Task details: Reproduce the entries exactly.
====== Material to process
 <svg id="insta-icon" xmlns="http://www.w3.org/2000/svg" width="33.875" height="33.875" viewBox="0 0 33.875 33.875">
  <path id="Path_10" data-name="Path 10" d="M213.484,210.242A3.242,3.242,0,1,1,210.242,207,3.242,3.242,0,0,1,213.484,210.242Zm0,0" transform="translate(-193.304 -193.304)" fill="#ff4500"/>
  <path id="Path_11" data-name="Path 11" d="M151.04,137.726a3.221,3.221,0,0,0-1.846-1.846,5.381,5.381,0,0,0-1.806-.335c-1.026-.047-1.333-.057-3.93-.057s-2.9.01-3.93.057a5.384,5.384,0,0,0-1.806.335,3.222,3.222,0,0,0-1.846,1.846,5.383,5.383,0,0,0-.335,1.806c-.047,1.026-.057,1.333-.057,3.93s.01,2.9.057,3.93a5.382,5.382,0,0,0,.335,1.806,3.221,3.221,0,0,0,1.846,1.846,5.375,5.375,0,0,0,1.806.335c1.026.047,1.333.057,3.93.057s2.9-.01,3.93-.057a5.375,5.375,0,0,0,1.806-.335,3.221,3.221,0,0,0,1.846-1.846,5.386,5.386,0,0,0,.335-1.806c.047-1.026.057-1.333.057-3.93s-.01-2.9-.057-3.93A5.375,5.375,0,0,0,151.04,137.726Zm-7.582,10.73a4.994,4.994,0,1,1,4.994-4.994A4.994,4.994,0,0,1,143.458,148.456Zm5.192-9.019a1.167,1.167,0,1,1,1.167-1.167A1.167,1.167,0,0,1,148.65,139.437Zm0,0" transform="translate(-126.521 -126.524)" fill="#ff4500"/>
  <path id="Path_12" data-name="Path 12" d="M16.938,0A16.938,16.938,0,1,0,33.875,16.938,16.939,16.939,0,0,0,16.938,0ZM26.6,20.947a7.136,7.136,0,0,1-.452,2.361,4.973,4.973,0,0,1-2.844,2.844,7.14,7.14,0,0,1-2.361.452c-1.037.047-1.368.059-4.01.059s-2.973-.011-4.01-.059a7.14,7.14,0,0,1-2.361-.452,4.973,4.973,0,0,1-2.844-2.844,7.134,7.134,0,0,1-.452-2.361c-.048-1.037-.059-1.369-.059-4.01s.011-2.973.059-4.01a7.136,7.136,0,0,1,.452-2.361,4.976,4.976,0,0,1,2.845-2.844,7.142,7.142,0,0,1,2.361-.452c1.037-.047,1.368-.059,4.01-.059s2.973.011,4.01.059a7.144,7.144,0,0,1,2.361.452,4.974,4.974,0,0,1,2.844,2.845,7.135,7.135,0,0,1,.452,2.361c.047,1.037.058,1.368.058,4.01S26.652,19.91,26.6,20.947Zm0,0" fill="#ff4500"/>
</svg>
============
Task response:
 <svg id="insta-icon" xmlns="http://www.w3.org/2000/svg" width="33.875" height="33.875" viewBox="0 0 33.875 33.875">
  <path id="Path_10" data-name="Path 10" d="M213.484,210.242A3.242,3.242,0,1,1,210.242,207,3.242,3.242,0,0,1,213.484,210.242Zm0,0" transform="translate(-193.304 -193.304)" fill="#ff4500"/>
  <path id="Path_11" data-name="Path 11" d="M151.04,137.726a3.221,3.221,0,0,0-1.846-1.846,5.381,5.381,0,0,0-1.806-.335c-1.026-.047-1.333-.057-3.93-.057s-2.9.01-3.93.057a5.384,5.384,0,0,0-1.806.335,3.222,3.222,0,0,0-1.846,1.846,5.383,5.383,0,0,0-.335,1.806c-.047,1.026-.057,1.333-.057,3.93s.01,2.9.057,3.93a5.382,5.382,0,0,0,.335,1.806,3.221,3.221,0,0,0,1.846,1.846,5.375,5.375,0,0,0,1.806.335c1.026.047,1.333.057,3.93.057s2.9-.01,3.93-.057a5.375,5.375,0,0,0,1.806-.335,3.221,3.221,0,0,0,1.846-1.846,5.386,5.386,0,0,0,.335-1.806c.047-1.026.057-1.333.057-3.93s-.01-2.9-.057-3.93A5.375,5.375,0,0,0,151.04,137.726Zm-7.582,10.73a4.994,4.994,0,1,1,4.994-4.994A4.994,4.994,0,0,1,143.458,148.456Zm5.192-9.019a1.167,1.167,0,1,1,1.167-1.167A1.167,1.167,0,0,1,148.65,139.437Zm0,0" transform="translate(-126.521 -126.524)" fill="#ff4500"/>
  <path id="Path_12" data-name="Path 12" d="M16.938,0A16.938,16.938,0,1,0,33.875,16.938,16.939,16.939,0,0,0,16.938,0ZM26.6,20.947a7.136,7.136,0,0,1-.452,2.361,4.973,4.973,0,0,1-2.844,2.844,7.14,7.14,0,0,1-2.361.452c-1.037.047-1.368.059-4.01.059s-2.973-.011-4.01-.059a7.14,7.14,0,0,1-2.361-.452,4.973,4.973,0,0,1-2.844-2.844,7.134,7.134,0,0,1-.452-2.361c-.048-1.037-.059-1.369-.059-4.01s.011-2.973.059-4.01a7.136,7.136,0,0,1,.452-2.361,4.976,4.976,0,0,1,2.845-2.844,7.142,7.142,0,0,1,2.361-.452c1.037-.047,1.368-.059,4.01-.059s2.973.011,4.01.059a7.144,7.144,0,0,1,2.361.452,4.974,4.974,0,0,1,2.844,2.845,7.135,7.135,0,0,1,.452,2.361c.047,1.037.058,1.368.058,4.01S26.652,19.91,26.6,20.947Zm0,0" fill="#ff4500"/>
</svg>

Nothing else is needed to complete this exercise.